*** EXTRACTED INFORMATION Section Begins ***

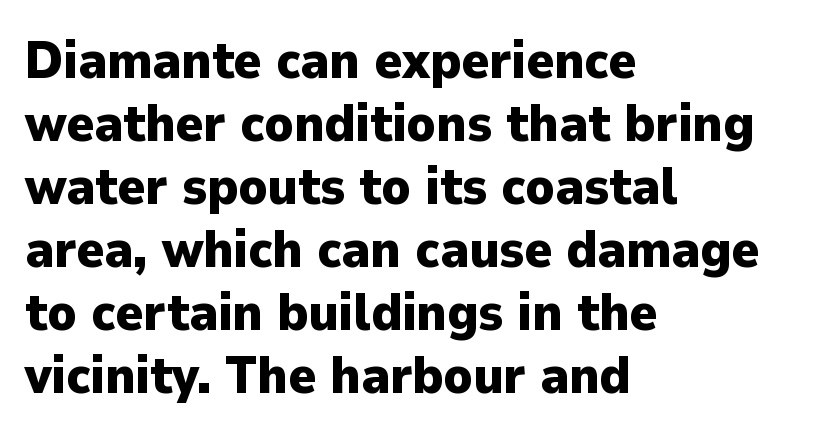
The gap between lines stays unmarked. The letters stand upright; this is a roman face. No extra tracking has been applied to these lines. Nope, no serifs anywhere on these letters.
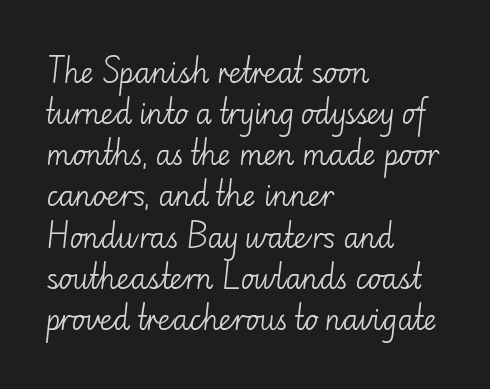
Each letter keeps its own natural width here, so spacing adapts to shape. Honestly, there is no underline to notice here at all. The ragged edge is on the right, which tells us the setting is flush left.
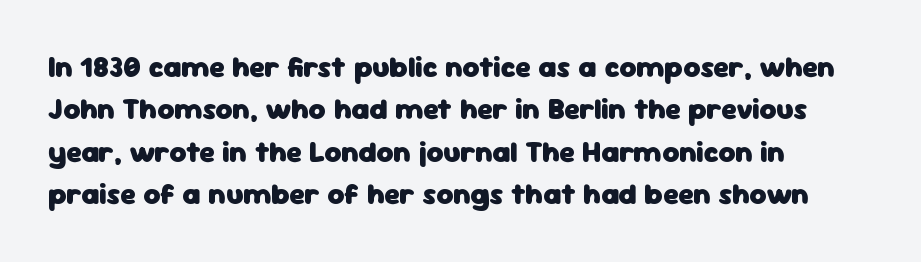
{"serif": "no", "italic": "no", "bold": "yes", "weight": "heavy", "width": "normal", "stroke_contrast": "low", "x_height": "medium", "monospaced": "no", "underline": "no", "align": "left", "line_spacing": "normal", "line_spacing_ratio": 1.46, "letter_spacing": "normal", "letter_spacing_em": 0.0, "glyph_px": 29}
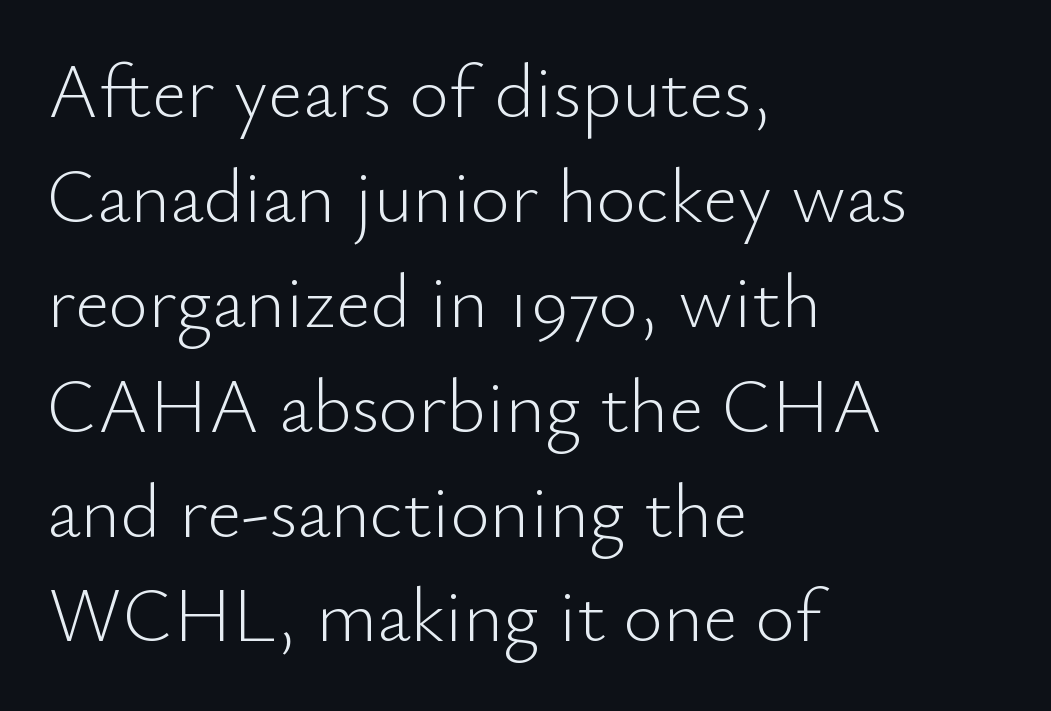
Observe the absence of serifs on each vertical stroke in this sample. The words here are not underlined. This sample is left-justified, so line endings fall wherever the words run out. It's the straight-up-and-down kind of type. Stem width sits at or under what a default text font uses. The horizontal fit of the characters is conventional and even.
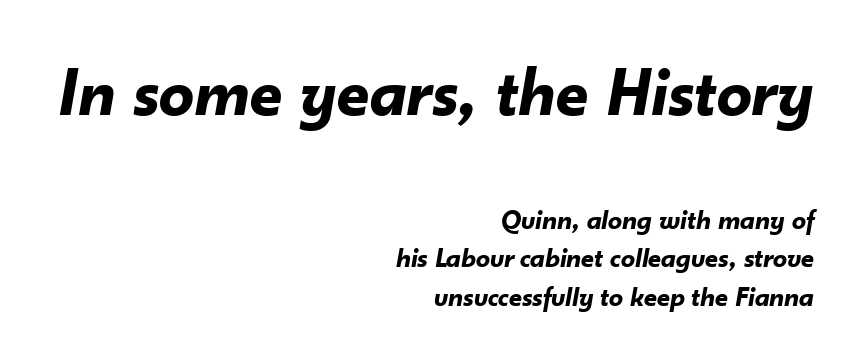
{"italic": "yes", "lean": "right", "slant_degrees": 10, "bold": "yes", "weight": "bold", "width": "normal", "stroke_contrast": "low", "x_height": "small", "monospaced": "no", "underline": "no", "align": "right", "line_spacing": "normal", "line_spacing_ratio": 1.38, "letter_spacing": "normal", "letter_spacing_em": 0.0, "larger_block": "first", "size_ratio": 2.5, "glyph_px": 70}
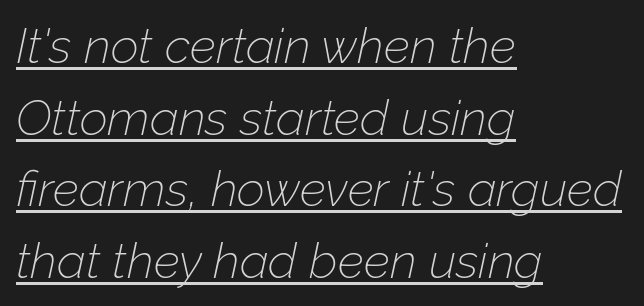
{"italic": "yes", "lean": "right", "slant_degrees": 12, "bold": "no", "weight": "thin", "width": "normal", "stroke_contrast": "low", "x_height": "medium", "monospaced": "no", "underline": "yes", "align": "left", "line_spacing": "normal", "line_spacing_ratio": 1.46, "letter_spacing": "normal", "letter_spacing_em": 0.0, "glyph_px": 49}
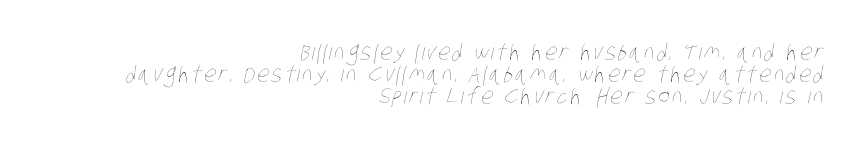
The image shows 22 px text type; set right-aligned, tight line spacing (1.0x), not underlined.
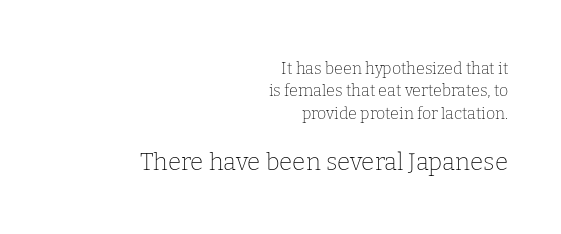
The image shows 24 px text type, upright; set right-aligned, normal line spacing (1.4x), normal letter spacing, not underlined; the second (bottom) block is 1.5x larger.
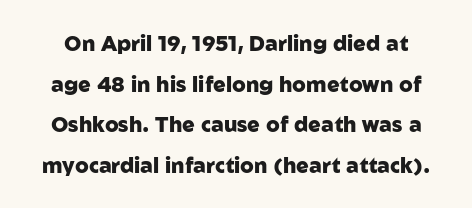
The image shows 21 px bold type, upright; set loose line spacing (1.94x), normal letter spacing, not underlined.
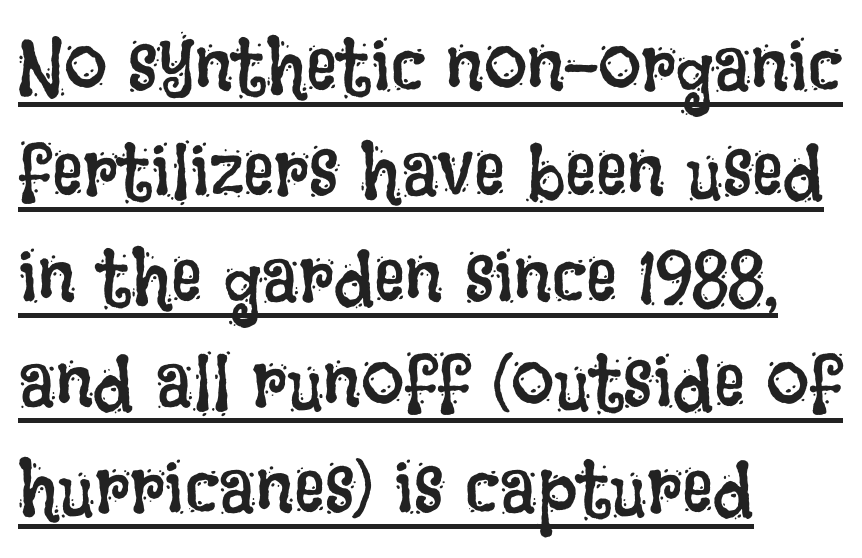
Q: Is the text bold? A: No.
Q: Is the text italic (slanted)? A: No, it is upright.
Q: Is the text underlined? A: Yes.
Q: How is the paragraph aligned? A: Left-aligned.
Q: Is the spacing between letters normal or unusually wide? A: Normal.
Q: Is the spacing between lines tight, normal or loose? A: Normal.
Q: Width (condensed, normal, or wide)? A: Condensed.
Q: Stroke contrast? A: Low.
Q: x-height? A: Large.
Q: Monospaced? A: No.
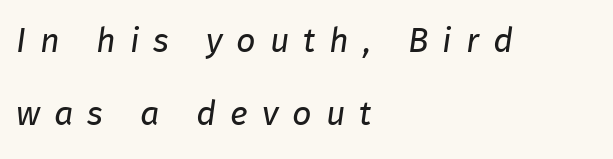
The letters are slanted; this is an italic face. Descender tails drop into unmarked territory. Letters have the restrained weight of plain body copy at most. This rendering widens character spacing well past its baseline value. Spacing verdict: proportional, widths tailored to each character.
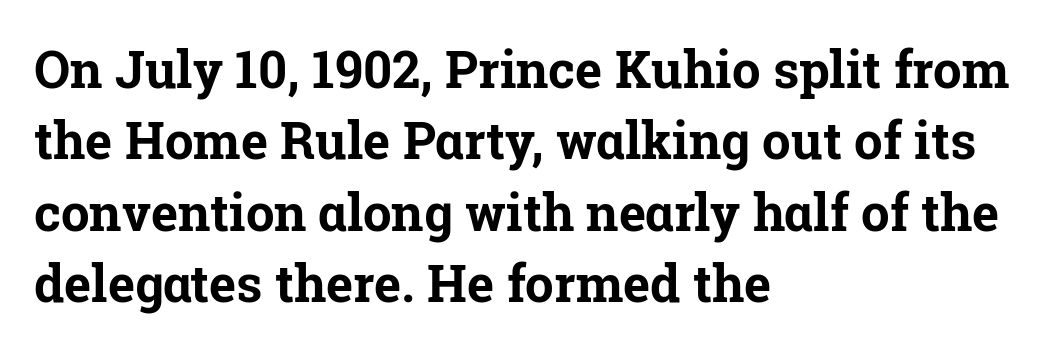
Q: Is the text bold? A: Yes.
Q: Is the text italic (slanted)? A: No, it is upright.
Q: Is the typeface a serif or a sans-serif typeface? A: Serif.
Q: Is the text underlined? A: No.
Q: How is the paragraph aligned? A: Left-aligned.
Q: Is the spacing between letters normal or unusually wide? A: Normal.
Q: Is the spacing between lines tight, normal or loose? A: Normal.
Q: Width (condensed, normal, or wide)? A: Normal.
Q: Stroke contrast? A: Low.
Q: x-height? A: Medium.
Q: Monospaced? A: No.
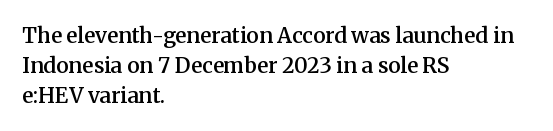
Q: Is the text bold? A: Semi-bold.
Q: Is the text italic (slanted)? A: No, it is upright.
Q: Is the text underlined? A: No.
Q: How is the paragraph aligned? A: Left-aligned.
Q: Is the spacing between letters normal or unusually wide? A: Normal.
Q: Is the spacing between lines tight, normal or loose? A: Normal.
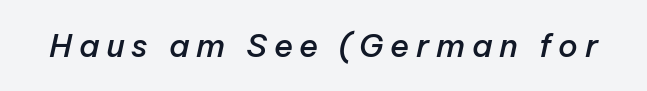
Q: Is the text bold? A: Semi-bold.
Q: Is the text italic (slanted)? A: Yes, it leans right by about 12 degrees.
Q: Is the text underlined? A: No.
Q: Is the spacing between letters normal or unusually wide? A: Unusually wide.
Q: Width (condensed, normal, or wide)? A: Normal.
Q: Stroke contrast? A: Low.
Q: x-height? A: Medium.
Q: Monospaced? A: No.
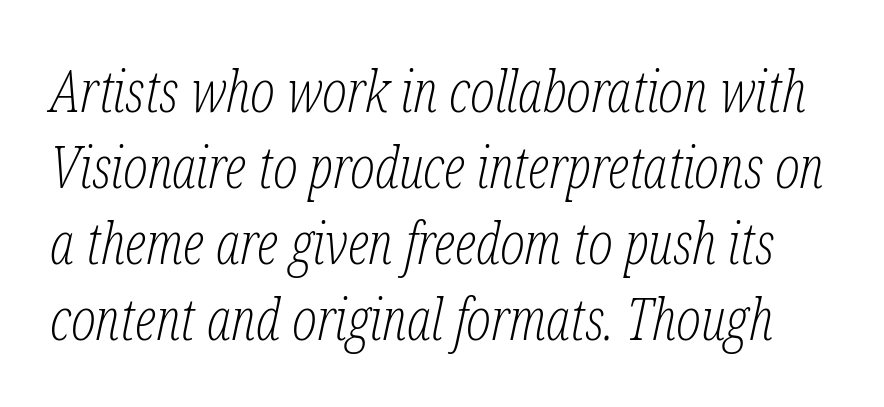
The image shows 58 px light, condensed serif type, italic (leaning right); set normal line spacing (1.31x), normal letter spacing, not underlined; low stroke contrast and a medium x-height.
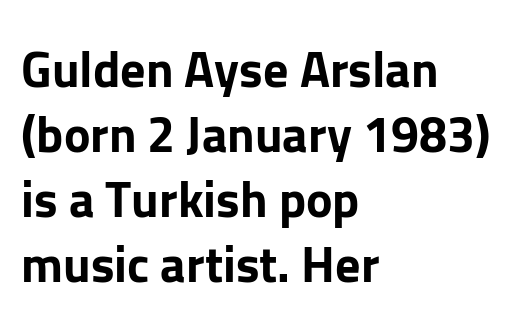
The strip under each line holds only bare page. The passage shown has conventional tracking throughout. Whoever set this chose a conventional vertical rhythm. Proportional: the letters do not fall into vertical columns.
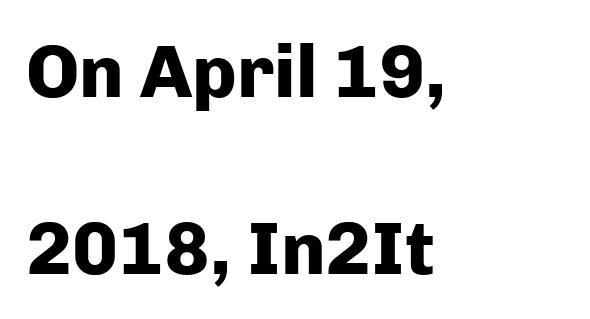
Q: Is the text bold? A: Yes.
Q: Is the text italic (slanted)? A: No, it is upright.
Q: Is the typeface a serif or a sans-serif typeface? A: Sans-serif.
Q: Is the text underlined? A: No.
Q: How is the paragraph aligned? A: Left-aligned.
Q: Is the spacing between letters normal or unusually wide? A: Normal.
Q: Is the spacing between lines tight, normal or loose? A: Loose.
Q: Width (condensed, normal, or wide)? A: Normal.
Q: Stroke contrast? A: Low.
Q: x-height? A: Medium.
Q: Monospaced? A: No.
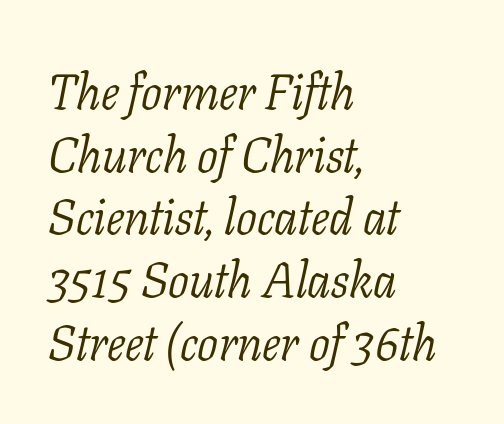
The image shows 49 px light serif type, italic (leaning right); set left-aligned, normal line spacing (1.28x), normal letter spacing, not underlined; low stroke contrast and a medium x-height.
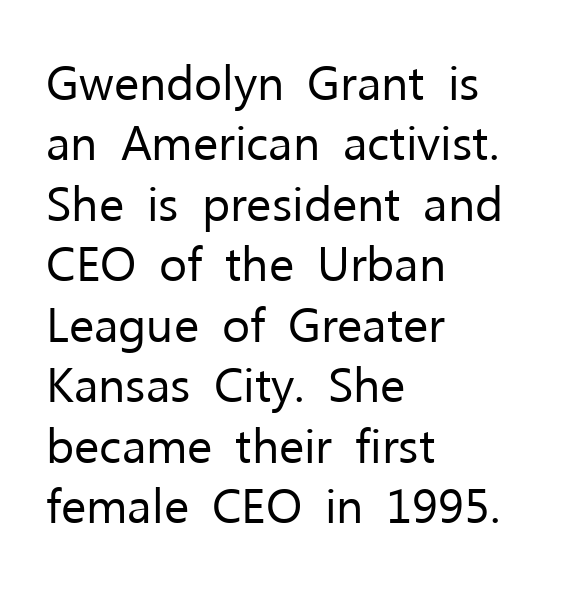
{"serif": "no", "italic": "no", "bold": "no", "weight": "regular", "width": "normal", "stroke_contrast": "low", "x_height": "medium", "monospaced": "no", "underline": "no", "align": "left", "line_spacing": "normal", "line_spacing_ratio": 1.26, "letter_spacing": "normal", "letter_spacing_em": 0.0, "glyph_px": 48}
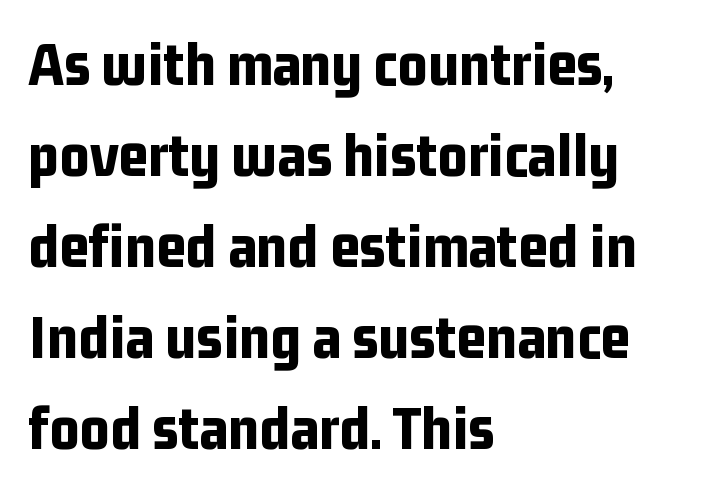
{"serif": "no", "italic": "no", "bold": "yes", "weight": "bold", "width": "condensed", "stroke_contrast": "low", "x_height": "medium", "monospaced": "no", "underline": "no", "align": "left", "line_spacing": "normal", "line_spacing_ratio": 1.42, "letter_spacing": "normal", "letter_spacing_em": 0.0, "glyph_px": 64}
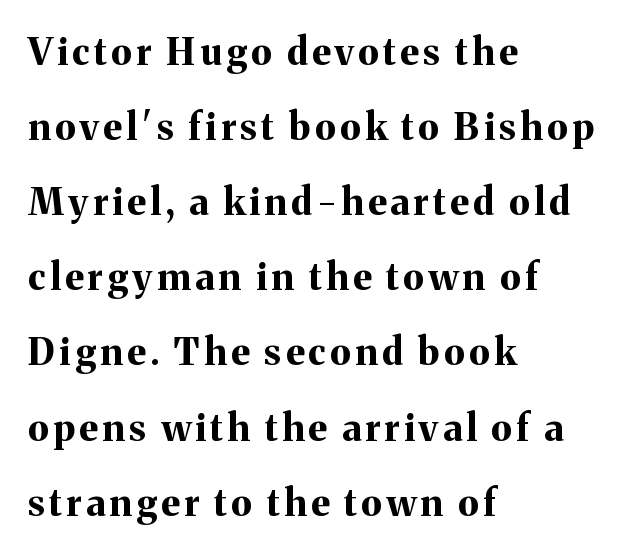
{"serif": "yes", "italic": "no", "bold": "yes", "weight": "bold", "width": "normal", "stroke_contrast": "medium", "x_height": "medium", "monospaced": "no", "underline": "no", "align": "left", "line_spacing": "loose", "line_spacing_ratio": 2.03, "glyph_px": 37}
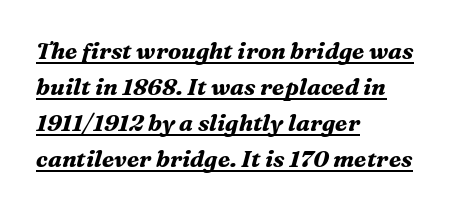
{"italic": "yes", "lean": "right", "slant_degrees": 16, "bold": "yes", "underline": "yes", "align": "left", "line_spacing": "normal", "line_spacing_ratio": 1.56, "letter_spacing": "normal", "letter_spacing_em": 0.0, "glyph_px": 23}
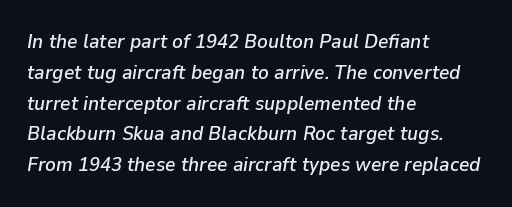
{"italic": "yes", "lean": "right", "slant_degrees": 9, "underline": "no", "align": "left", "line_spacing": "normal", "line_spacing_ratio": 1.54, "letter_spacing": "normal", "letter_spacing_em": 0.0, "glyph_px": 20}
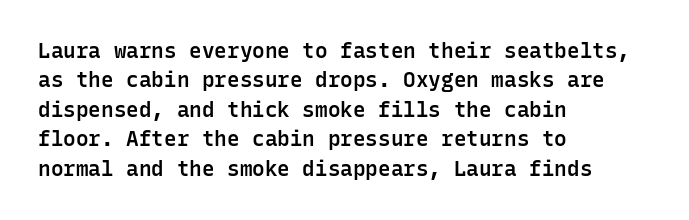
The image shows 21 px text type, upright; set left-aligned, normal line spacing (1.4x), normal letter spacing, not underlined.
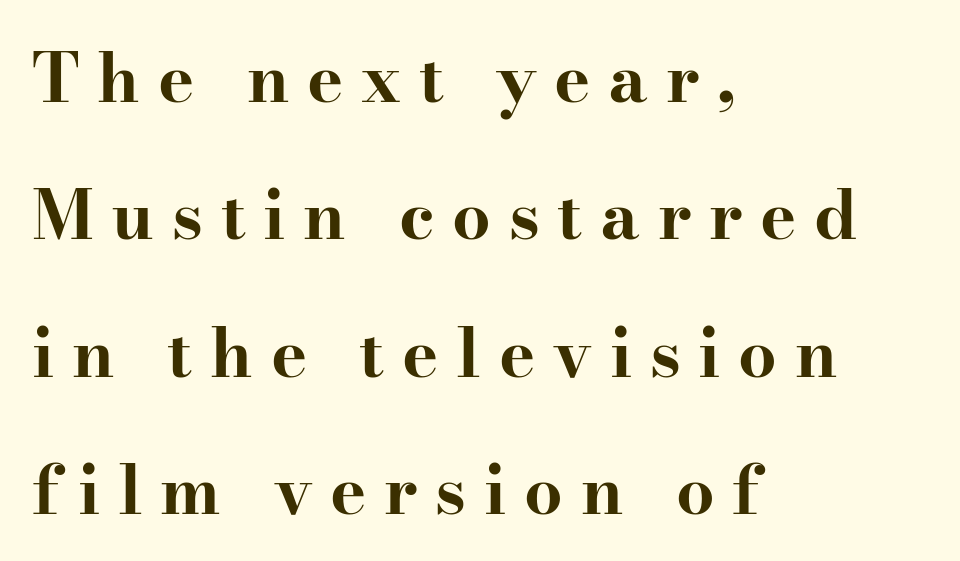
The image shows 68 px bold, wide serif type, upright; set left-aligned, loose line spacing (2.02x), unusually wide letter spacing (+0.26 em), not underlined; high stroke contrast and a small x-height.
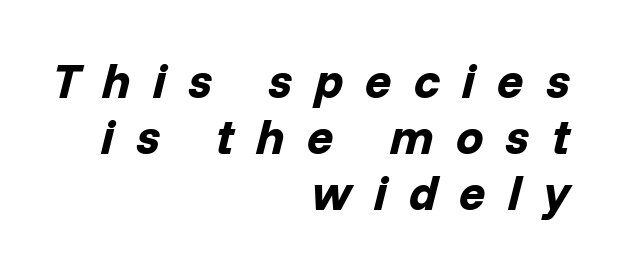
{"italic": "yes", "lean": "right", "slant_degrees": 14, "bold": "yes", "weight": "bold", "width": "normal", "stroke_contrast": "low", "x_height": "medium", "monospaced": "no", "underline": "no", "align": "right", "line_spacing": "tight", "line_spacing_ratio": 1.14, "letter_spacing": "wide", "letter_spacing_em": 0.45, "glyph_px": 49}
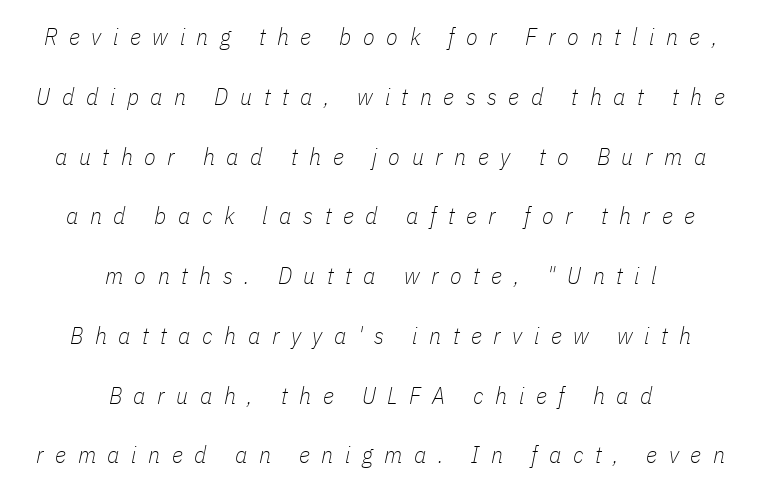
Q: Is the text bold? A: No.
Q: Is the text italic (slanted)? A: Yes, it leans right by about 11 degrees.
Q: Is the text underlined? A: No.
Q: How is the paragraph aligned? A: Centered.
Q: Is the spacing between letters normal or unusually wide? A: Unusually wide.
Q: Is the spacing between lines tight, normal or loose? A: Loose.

*** EXTRACTED INFORMATION Section Ends ***

_TASK ITEM:_
Every line with the string "vertical" in the material should be returned.

_RESPONSE FOR THIS EXERCISE:_
Observe the absence of serifs on each vertical stroke in this sample. The words here are not underlined. This sample is left-justified, so line endings fall wherever the words run out. It's the straight-up-and-down kind of type. Stem width sits at or under what a default text font uses. The horizontal fit of the characters is conventional and even.
The strip under each line holds only bare page. The passage shown has conventional tracking throughout. Whoever set this chose a conventional vertical rhythm. Proportional: the letters do not fall into vertical columns.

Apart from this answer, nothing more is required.